§ WHAT TO DO:
Where an image appears in the data, omit it and reproduce the rest exactly.

§ Stored dataset items:
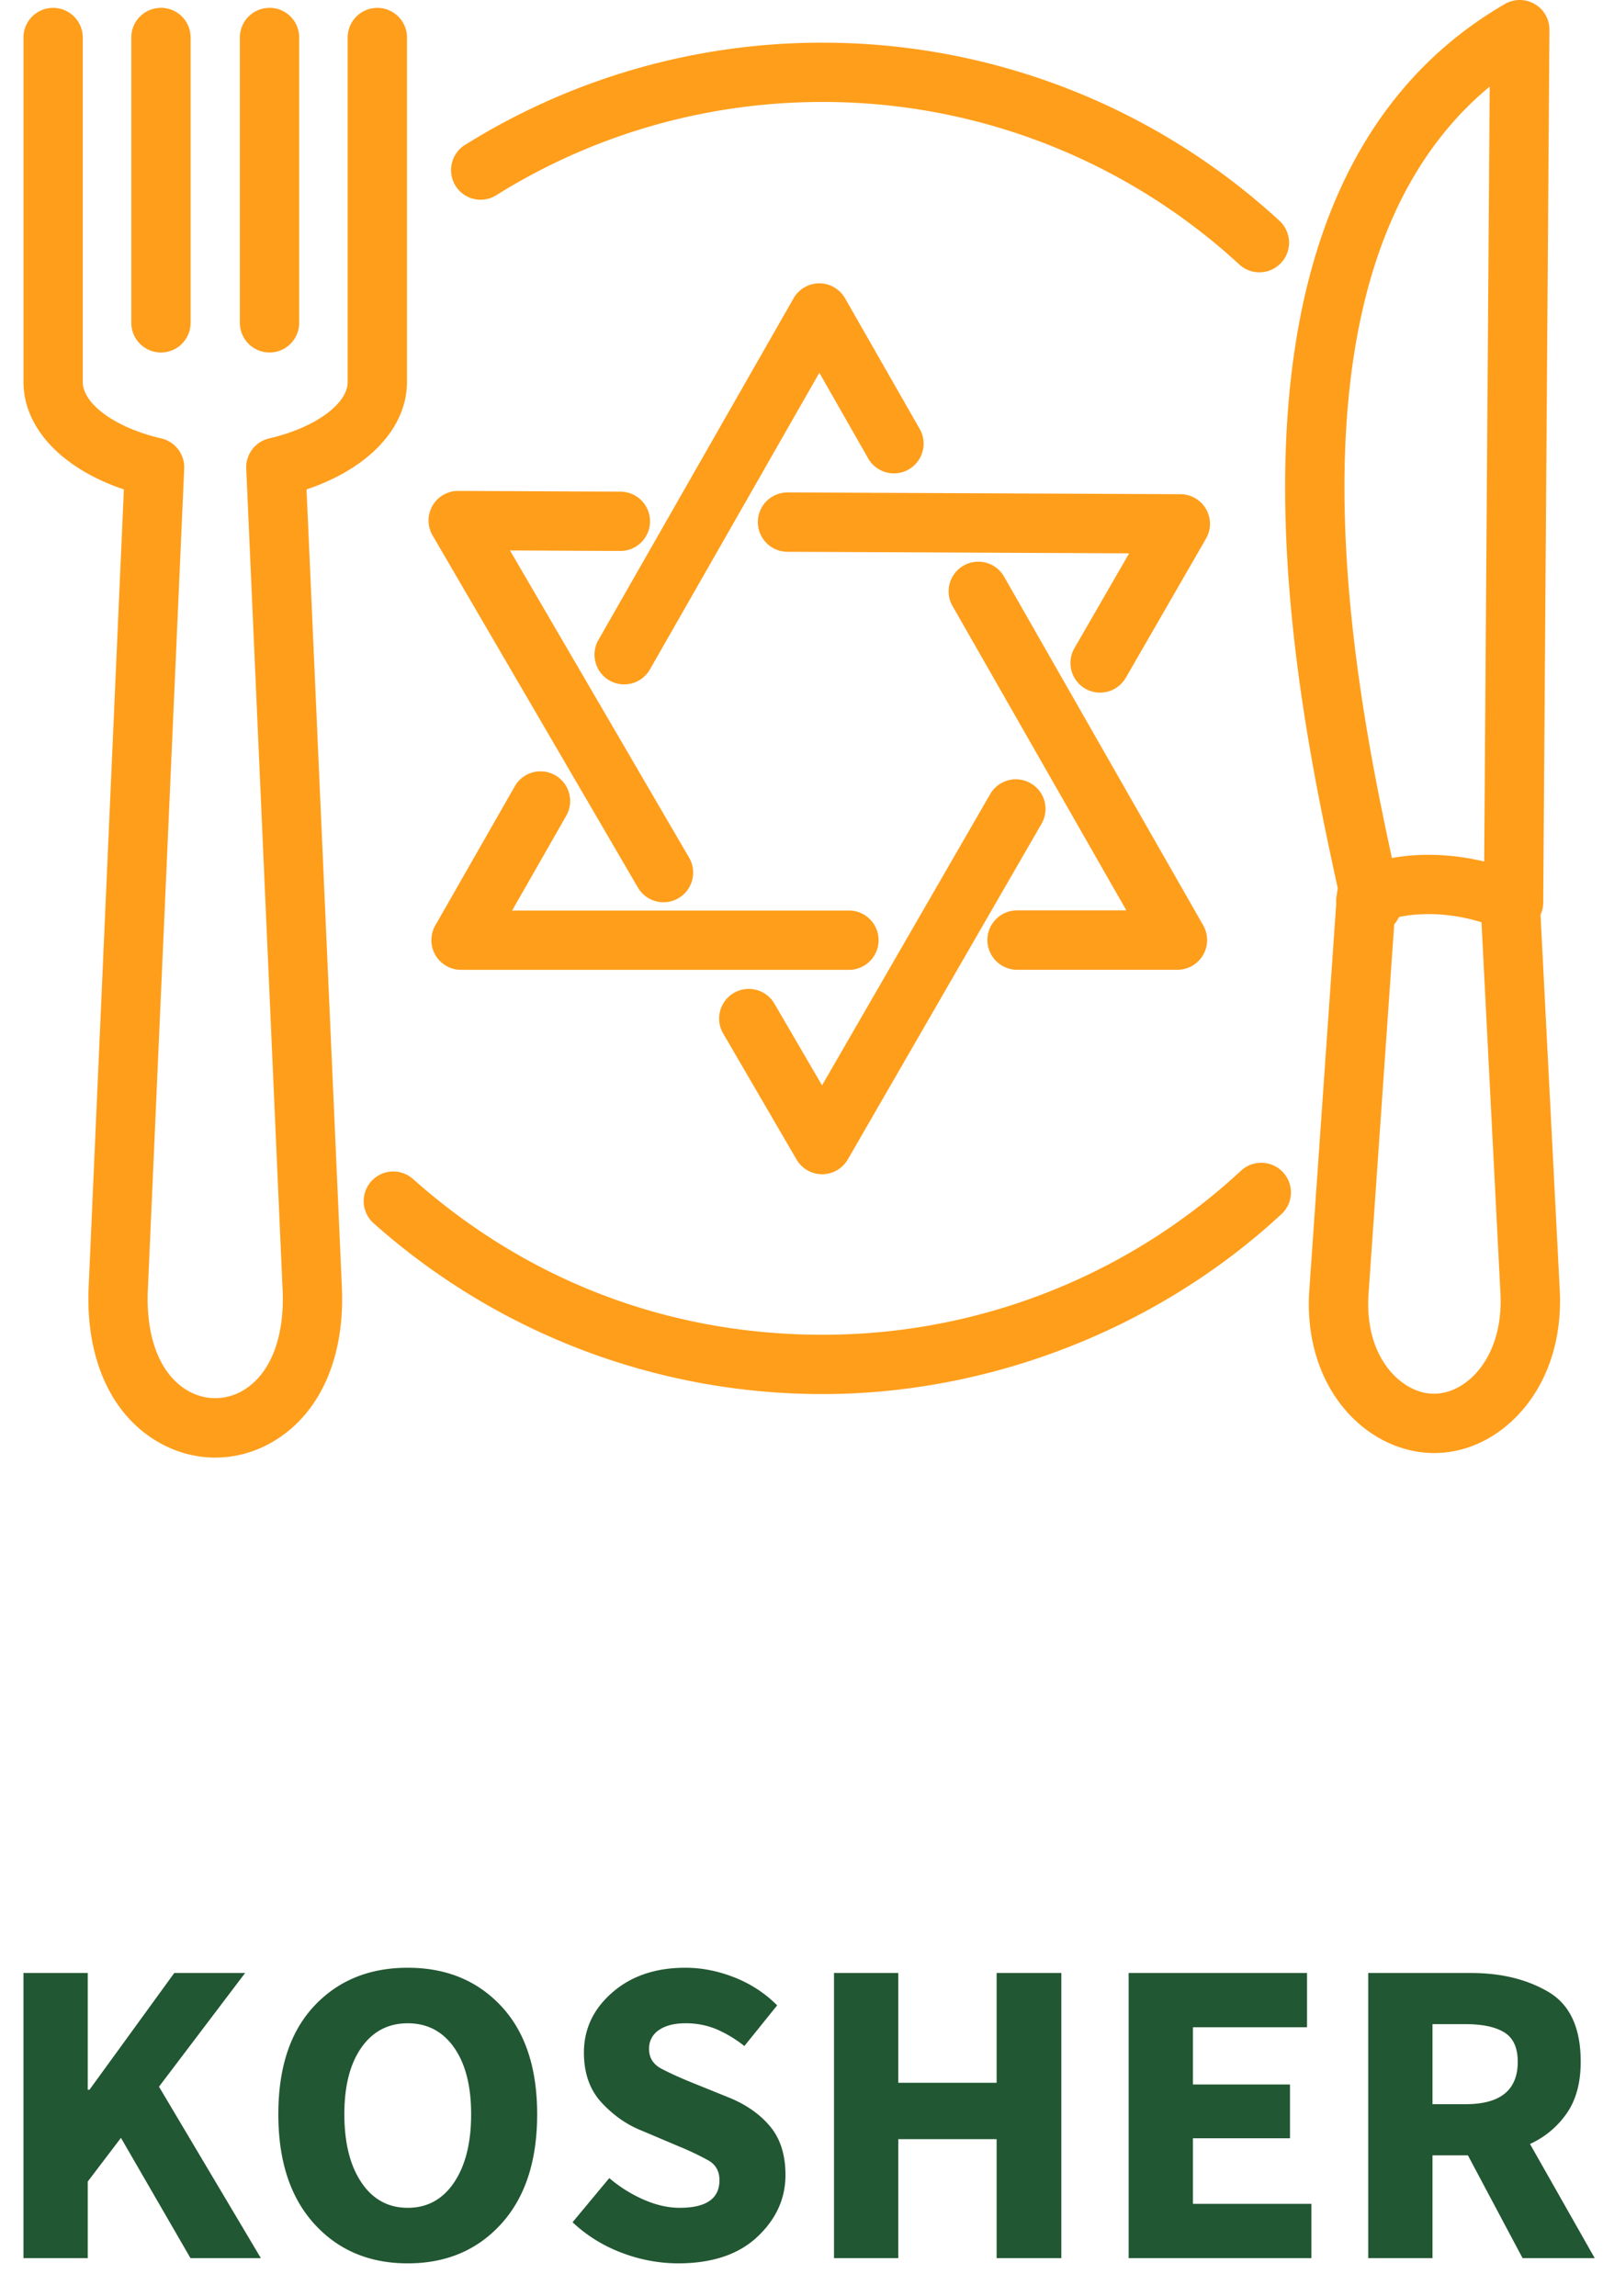 <?xml version="1.0" encoding="UTF-8"?>
<svg xmlns="http://www.w3.org/2000/svg" width="44" height="63" viewBox="0 0 44 63">
  <g fill-rule="nonzero" fill="none">
    <path d="M10.357.216c.45 0 .814.364.814.814v9.449c0 1.27-1.062 2.384-2.757 2.952l.97 21.895c.086 1.924-.596 3.463-1.87 4.224-.502.3-1.054.45-1.605.45-.552 0-1.104-.15-1.606-.45-1.274-.76-1.955-2.3-1.87-4.224L3.4 13.431C1.706 12.863.644 11.747.644 10.48v-9.45a.813.813 0 1 1 1.628 0v9.45c0 .61.906 1.263 2.154 1.551a.814.814 0 0 1 .63.83l-.998 22.538c-.058 1.306.335 2.311 1.078 2.754.483.288 1.06.288 1.543 0 .743-.443 1.136-1.448 1.078-2.754L6.759 12.86a.814.814 0 0 1 .63-.829c1.248-.288 2.154-.94 2.154-1.551v-9.45c0-.45.364-.813.814-.813zM42.124.11a.812.812 0 0 1 .406.71l-.171 23.954a.795.795 0 0 1-.074.329l.528 10.308c.068 1.351-.337 2.563-1.14 3.414-.633.671-1.447 1.045-2.291 1.05h-.019c-.845 0-1.69-.382-2.32-1.053-.806-.858-1.198-2.075-1.104-3.425l.739-10.605a.86.86 0 0 1 .017-.244.782.782 0 0 1 .027-.162C35.578 19.133 32.542 5.2 41.306.11a.815.815 0 0 1 .818 0zm-6.907 32.06a.813.813 0 0 1-.044 1.15c-3.438 3.183-8.048 4.937-12.597 4.937-4.55 0-8.926-1.666-12.321-4.688a.813.813 0 1 1 1.081-1.215c3.097 2.756 6.965 4.275 11.239 4.275a16.86 16.86 0 0 0 11.49-4.503.817.817 0 0 1 1.152.044zm3.182-7.004a.823.823 0 0 1-.13.2l-.705 10.143c-.062.893.174 1.673.666 2.197.326.346.741.548 1.142.54.396-.002.793-.193 1.12-.538.492-.525.74-1.31.693-2.213l-.52-10.186c-.964-.298-1.8-.246-2.266-.143zm-10.108-3.67c.39.224.522.721.297 1.111l-5.315 9.207a.813.813 0 0 1-1.41.004l-2.013-3.456a.813.813 0 1 1 1.406-.82l1.308 2.243 4.615-7.992a.814.814 0 0 1 1.112-.298zm-13.05-.22c.389.224.525.72.301 1.111l-1.485 2.6h9.245a.813.813 0 1 1 0 1.628H12.655a.814.814 0 0 1-.706-1.22l2.18-3.816a.814.814 0 0 1 1.111-.304zm12.3-5.485 5.486 9.604a.815.815 0 0 1-.706 1.218h-4.403a.817.817 0 0 1-.815-.816c0-.45.364-.814.814-.814h3l-4.79-8.385a.815.815 0 0 1 1.414-.807zm-14.96-2.319 4.449.02a.813.813 0 0 1-.004 1.628l-3.028-.014 4.917 8.43a.813.813 0 0 1-1.406.82l-5.634-9.66a.812.812 0 0 1 .702-1.224zM40.89 2.376c-5.975 4.948-3.753 16.23-2.684 21.17.301-.055.64-.088 1.003-.088.475 0 .995.056 1.53.184l.151-21.266zm-19.27 11.137 10.782.049a.813.813 0 0 1 .701 1.22L30.9 18.602a.816.816 0 0 1-1.111.297.814.814 0 0 1-.298-1.111l1.502-2.603-9.379-.043a.813.813 0 0 1 .004-1.628zm.868-5.738c.292 0 .561.157.707.41l2.06 3.605a.815.815 0 0 1-1.415.808L22.49 10.23l-4.65 8.14a.813.813 0 1 1-1.415-.807l5.358-9.378a.816.816 0 0 1 .707-.41zM7.399.215c.45 0 .813.365.813.815v7.829a.813.813 0 1 1-1.628 0v-7.83c0-.45.364-.813.814-.813zm-2.981 0c.45 0 .814.365.814.815v7.829a.813.813 0 1 1-1.628 0v-7.83c0-.45.364-.813.814-.813zm18.157.957A18.49 18.49 0 0 1 35.12 6.06a.813.813 0 1 1-1.103 1.198 16.864 16.864 0 0 0-11.443-4.46c-3.176 0-6.27.883-8.95 2.558a.81.81 0 0 1-1.12-.257.814.814 0 0 1 .26-1.122 18.485 18.485 0 0 1 9.81-2.806z" fill="#FF9E1B"></path>
    <g fill="#215732">
      <path d="M.644 61.968v-7.824h1.764v3.204h.048l2.328-3.204h1.944l-2.364 3.12 2.796 4.704H5.228l-1.908-3.3-.912 1.2v2.1zM11.192 62.112c-1.056 0-1.912-.362-2.568-1.086-.656-.724-.984-1.726-.984-3.006 0-1.28.328-2.27.984-2.97.656-.7 1.512-1.05 2.568-1.05s1.912.352 2.568 1.056c.656.704.984 1.692.984 2.964 0 1.28-.328 2.282-.984 3.006-.656.724-1.512 1.086-2.568 1.086zm0-1.524c.536 0 .96-.232 1.272-.696.312-.464.468-1.088.468-1.872 0-.776-.156-1.386-.468-1.83-.312-.444-.736-.666-1.272-.666s-.96.222-1.272.666c-.312.444-.468 1.054-.468 1.83 0 .784.156 1.408.468 1.872.312.464.736.696 1.272.696zM18.608 62.112a4.348 4.348 0 0 1-1.536-.288 4.025 4.025 0 0 1-1.356-.84l1.008-1.212c.28.24.592.436.936.588.344.152.676.228.996.228.728 0 1.092-.252 1.092-.756 0-.248-.102-.43-.306-.546a7.852 7.852 0 0 0-.822-.39l-1.02-.432c-.4-.16-.762-.414-1.086-.762-.324-.348-.486-.806-.486-1.374 0-.648.26-1.198.78-1.65.52-.452 1.188-.678 2.004-.678.448 0 .896.088 1.344.264.448.176.84.432 1.176.768l-.9 1.116a3.406 3.406 0 0 0-.768-.462 2.17 2.17 0 0 0-.852-.162c-.304 0-.546.062-.726.186a.598.598 0 0 0-.27.522c0 .24.114.42.342.54.228.12.51.248.846.384l1.008.408c.472.192.848.456 1.128.792.28.336.42.78.42 1.332 0 .648-.258 1.214-.774 1.698s-1.242.726-2.178.726zM22.892 61.968v-7.824h1.764v3.012h2.7v-3.012h1.776v7.824h-1.776v-3.264h-2.7v3.264zM30.98 61.968v-7.824h4.896v1.488h-3.132v1.572h2.664v1.476h-2.664v1.8h3.252v1.488zM39.32 57.744h.912c.952 0 1.428-.388 1.428-1.164 0-.384-.122-.652-.366-.804-.244-.152-.598-.228-1.062-.228h-.912v2.196zm0 4.224h-1.764v-7.824h2.82c.832 0 1.542.174 2.13.522.588.348.882.986.882 1.914 0 .576-.128 1.048-.384 1.416a2.46 2.46 0 0 1-1.008.84l1.776 3.132h-1.98l-1.5-2.82h-.972v2.82z"></path>
    </g>
  </g>
</svg>

§ RESULT:
 <?xml version="1.0" encoding="UTF-8"?>
<svg xmlns="http://www.w3.org/2000/svg" width="44" height="63" viewBox="0 0 44 63">
  <g fill-rule="nonzero" fill="none">
    <path d="M10.357.216c.45 0 .814.364.814.814v9.449c0 1.27-1.062 2.384-2.757 2.952l.97 21.895c.086 1.924-.596 3.463-1.87 4.224-.502.3-1.054.45-1.605.45-.552 0-1.104-.15-1.606-.45-1.274-.76-1.955-2.3-1.87-4.224L3.4 13.431C1.706 12.863.644 11.747.644 10.48v-9.45a.813.813 0 1 1 1.628 0v9.45c0 .61.906 1.263 2.154 1.551a.814.814 0 0 1 .63.83l-.998 22.538c-.058 1.306.335 2.311 1.078 2.754.483.288 1.06.288 1.543 0 .743-.443 1.136-1.448 1.078-2.754L6.759 12.86a.814.814 0 0 1 .63-.829c1.248-.288 2.154-.94 2.154-1.551v-9.45c0-.45.364-.813.814-.813zM42.124.11a.812.812 0 0 1 .406.71l-.171 23.954a.795.795 0 0 1-.074.329l.528 10.308c.068 1.351-.337 2.563-1.14 3.414-.633.671-1.447 1.045-2.291 1.05h-.019c-.845 0-1.69-.382-2.32-1.053-.806-.858-1.198-2.075-1.104-3.425l.739-10.605a.86.86 0 0 1 .017-.244.782.782 0 0 1 .027-.162C35.578 19.133 32.542 5.2 41.306.11a.815.815 0 0 1 .818 0zm-6.907 32.06a.813.813 0 0 1-.044 1.15c-3.438 3.183-8.048 4.937-12.597 4.937-4.55 0-8.926-1.666-12.321-4.688a.813.813 0 1 1 1.081-1.215c3.097 2.756 6.965 4.275 11.239 4.275a16.86 16.86 0 0 0 11.49-4.503.817.817 0 0 1 1.152.044zm3.182-7.004a.823.823 0 0 1-.13.2l-.705 10.143c-.062.893.174 1.673.666 2.197.326.346.741.548 1.142.54.396-.002.793-.193 1.12-.538.492-.525.74-1.31.693-2.213l-.52-10.186c-.964-.298-1.8-.246-2.266-.143zm-10.108-3.67c.39.224.522.721.297 1.111l-5.315 9.207a.813.813 0 0 1-1.41.004l-2.013-3.456a.813.813 0 1 1 1.406-.82l1.308 2.243 4.615-7.992a.814.814 0 0 1 1.112-.298zm-13.05-.22c.389.224.525.72.301 1.111l-1.485 2.6h9.245a.813.813 0 1 1 0 1.628H12.655a.814.814 0 0 1-.706-1.22l2.18-3.816a.814.814 0 0 1 1.111-.304zm12.3-5.485 5.486 9.604a.815.815 0 0 1-.706 1.218h-4.403a.817.817 0 0 1-.815-.816c0-.45.364-.814.814-.814h3l-4.79-8.385a.815.815 0 0 1 1.414-.807zm-14.96-2.319 4.449.02a.813.813 0 0 1-.004 1.628l-3.028-.014 4.917 8.43a.813.813 0 0 1-1.406.82l-5.634-9.66a.812.812 0 0 1 .702-1.224zM40.89 2.376c-5.975 4.948-3.753 16.23-2.684 21.17.301-.055.64-.088 1.003-.088.475 0 .995.056 1.53.184l.151-21.266zm-19.27 11.137 10.782.049a.813.813 0 0 1 .701 1.22L30.9 18.602a.816.816 0 0 1-1.111.297.814.814 0 0 1-.298-1.111l1.502-2.603-9.379-.043a.813.813 0 0 1 .004-1.628zm.868-5.738c.292 0 .561.157.707.41l2.06 3.605a.815.815 0 0 1-1.415.808L22.49 10.23l-4.65 8.14a.813.813 0 1 1-1.415-.807l5.358-9.378a.816.816 0 0 1 .707-.41zM7.399.215c.45 0 .813.365.813.815v7.829a.813.813 0 1 1-1.628 0v-7.83c0-.45.364-.813.814-.813zm-2.981 0c.45 0 .814.365.814.815v7.829a.813.813 0 1 1-1.628 0v-7.83c0-.45.364-.813.814-.813zm18.157.957A18.49 18.49 0 0 1 35.12 6.06a.813.813 0 1 1-1.103 1.198 16.864 16.864 0 0 0-11.443-4.46c-3.176 0-6.27.883-8.95 2.558a.81.81 0 0 1-1.12-.257.814.814 0 0 1 .26-1.122 18.485 18.485 0 0 1 9.81-2.806z" fill="#FF9E1B"></path>
    <g fill="#215732">
      <path d="M.644 61.968v-7.824h1.764v3.204h.048l2.328-3.204h1.944l-2.364 3.12 2.796 4.704H5.228l-1.908-3.3-.912 1.2v2.1zM11.192 62.112c-1.056 0-1.912-.362-2.568-1.086-.656-.724-.984-1.726-.984-3.006 0-1.28.328-2.27.984-2.97.656-.7 1.512-1.05 2.568-1.05s1.912.352 2.568 1.056c.656.704.984 1.692.984 2.964 0 1.28-.328 2.282-.984 3.006-.656.724-1.512 1.086-2.568 1.086zm0-1.524c.536 0 .96-.232 1.272-.696.312-.464.468-1.088.468-1.872 0-.776-.156-1.386-.468-1.83-.312-.444-.736-.666-1.272-.666s-.96.222-1.272.666c-.312.444-.468 1.054-.468 1.83 0 .784.156 1.408.468 1.872.312.464.736.696 1.272.696zM18.608 62.112a4.348 4.348 0 0 1-1.536-.288 4.025 4.025 0 0 1-1.356-.84l1.008-1.212c.28.24.592.436.936.588.344.152.676.228.996.228.728 0 1.092-.252 1.092-.756 0-.248-.102-.43-.306-.546a7.852 7.852 0 0 0-.822-.39l-1.02-.432c-.4-.16-.762-.414-1.086-.762-.324-.348-.486-.806-.486-1.374 0-.648.26-1.198.78-1.65.52-.452 1.188-.678 2.004-.678.448 0 .896.088 1.344.264.448.176.84.432 1.176.768l-.9 1.116a3.406 3.406 0 0 0-.768-.462 2.17 2.17 0 0 0-.852-.162c-.304 0-.546.062-.726.186a.598.598 0 0 0-.27.522c0 .24.114.42.342.54.228.12.51.248.846.384l1.008.408c.472.192.848.456 1.128.792.28.336.42.78.42 1.332 0 .648-.258 1.214-.774 1.698s-1.242.726-2.178.726zM22.892 61.968v-7.824h1.764v3.012h2.7v-3.012h1.776v7.824h-1.776v-3.264h-2.7v3.264zM30.98 61.968v-7.824h4.896v1.488h-3.132v1.572h2.664v1.476h-2.664v1.8h3.252v1.488zM39.32 57.744h.912c.952 0 1.428-.388 1.428-1.164 0-.384-.122-.652-.366-.804-.244-.152-.598-.228-1.062-.228h-.912v2.196zm0 4.224h-1.764v-7.824h2.82c.832 0 1.542.174 2.13.522.588.348.882.986.882 1.914 0 .576-.128 1.048-.384 1.416a2.46 2.46 0 0 1-1.008.84l1.776 3.132h-1.98l-1.5-2.82h-.972v2.82z"></path>
    </g>
  </g>
</svg>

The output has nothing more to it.